Quel est l’impact de la guerre contre l’Ukraine sur la sécurité alimentaire ?
Où va la recherche ? Quelles sont les données disponibles pour l’élaboration des politiques ?
Moissonneuse-batteuse en Afrique ⎮ Photo: © GIZ
De la perspective mondiale au contexte local
L’Ukraine et la Russie, deux des plus grands exportateurs mondiaux de céréales et d’oléagineux, sont en guerre. Les deux pays réunis représentent 12 % des calories échangées dans le monde.

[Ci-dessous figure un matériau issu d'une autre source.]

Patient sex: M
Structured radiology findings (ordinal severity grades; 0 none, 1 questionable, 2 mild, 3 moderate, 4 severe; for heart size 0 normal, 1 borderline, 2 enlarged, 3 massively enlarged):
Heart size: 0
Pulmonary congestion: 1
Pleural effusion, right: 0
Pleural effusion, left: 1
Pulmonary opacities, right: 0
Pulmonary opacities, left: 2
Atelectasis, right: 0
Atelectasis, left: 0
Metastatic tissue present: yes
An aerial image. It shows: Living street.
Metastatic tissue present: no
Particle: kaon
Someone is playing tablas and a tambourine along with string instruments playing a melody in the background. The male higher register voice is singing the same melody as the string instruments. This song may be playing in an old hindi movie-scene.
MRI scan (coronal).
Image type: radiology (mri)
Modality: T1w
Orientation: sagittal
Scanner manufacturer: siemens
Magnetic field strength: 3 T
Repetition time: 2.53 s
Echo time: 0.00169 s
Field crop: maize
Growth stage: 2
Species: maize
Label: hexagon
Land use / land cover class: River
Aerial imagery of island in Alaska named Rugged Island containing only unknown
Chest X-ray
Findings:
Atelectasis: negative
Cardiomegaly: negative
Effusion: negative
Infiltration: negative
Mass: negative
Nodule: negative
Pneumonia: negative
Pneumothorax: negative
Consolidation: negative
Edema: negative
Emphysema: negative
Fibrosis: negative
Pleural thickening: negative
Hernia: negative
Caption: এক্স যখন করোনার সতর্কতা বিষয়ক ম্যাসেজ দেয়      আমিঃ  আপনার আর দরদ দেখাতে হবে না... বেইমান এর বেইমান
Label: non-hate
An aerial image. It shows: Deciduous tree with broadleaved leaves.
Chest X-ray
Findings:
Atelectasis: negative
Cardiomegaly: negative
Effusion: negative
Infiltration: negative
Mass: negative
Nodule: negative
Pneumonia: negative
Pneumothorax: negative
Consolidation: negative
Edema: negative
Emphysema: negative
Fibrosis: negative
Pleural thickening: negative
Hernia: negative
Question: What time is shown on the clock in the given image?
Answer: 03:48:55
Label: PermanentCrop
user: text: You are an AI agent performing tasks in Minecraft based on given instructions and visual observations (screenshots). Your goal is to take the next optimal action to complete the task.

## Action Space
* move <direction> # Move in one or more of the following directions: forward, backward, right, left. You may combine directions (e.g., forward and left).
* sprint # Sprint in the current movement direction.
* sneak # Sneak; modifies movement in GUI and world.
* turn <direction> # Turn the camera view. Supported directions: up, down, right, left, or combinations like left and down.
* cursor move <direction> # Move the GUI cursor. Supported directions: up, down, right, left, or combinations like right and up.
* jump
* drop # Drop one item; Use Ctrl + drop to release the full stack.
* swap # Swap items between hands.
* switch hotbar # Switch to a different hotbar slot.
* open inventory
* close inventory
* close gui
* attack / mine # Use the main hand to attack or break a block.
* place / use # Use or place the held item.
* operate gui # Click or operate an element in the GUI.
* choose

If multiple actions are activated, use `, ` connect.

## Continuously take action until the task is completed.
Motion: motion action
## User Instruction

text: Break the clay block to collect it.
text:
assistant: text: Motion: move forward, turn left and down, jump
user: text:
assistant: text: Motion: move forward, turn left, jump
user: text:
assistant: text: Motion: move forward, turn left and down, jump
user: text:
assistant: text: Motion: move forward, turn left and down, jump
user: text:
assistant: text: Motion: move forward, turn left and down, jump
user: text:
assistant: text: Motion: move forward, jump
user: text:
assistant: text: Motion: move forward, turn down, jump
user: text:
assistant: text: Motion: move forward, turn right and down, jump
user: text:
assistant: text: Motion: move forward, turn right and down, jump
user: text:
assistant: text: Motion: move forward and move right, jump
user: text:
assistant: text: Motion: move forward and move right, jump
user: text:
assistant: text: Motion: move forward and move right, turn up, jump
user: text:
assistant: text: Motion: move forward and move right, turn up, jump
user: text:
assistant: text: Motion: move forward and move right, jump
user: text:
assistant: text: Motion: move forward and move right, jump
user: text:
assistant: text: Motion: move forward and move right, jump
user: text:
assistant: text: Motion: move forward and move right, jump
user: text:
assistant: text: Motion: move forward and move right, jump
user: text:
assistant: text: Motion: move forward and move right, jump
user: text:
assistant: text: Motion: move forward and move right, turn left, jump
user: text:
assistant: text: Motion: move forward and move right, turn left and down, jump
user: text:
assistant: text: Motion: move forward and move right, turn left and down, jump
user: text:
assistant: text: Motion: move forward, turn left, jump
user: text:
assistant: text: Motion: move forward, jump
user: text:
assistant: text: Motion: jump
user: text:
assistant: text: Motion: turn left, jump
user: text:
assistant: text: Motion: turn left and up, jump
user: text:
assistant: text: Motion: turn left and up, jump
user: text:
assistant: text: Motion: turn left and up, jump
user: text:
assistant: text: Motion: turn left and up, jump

« Part de la Fédération de Russie et de l’Ukraine dans les calories importées »
Les pays de l’UE sont considérés comme un seul marché ⎮ Carte: David Laborde
Les marchés alimentaires mondiaux ont donc réagi nerveusement lorsque l’invasion a commencé en février. Les prix se sont immédiatement envolés et les indices des prix alimentaires, comme l’indice FAO, ont atteint des sommets historiques.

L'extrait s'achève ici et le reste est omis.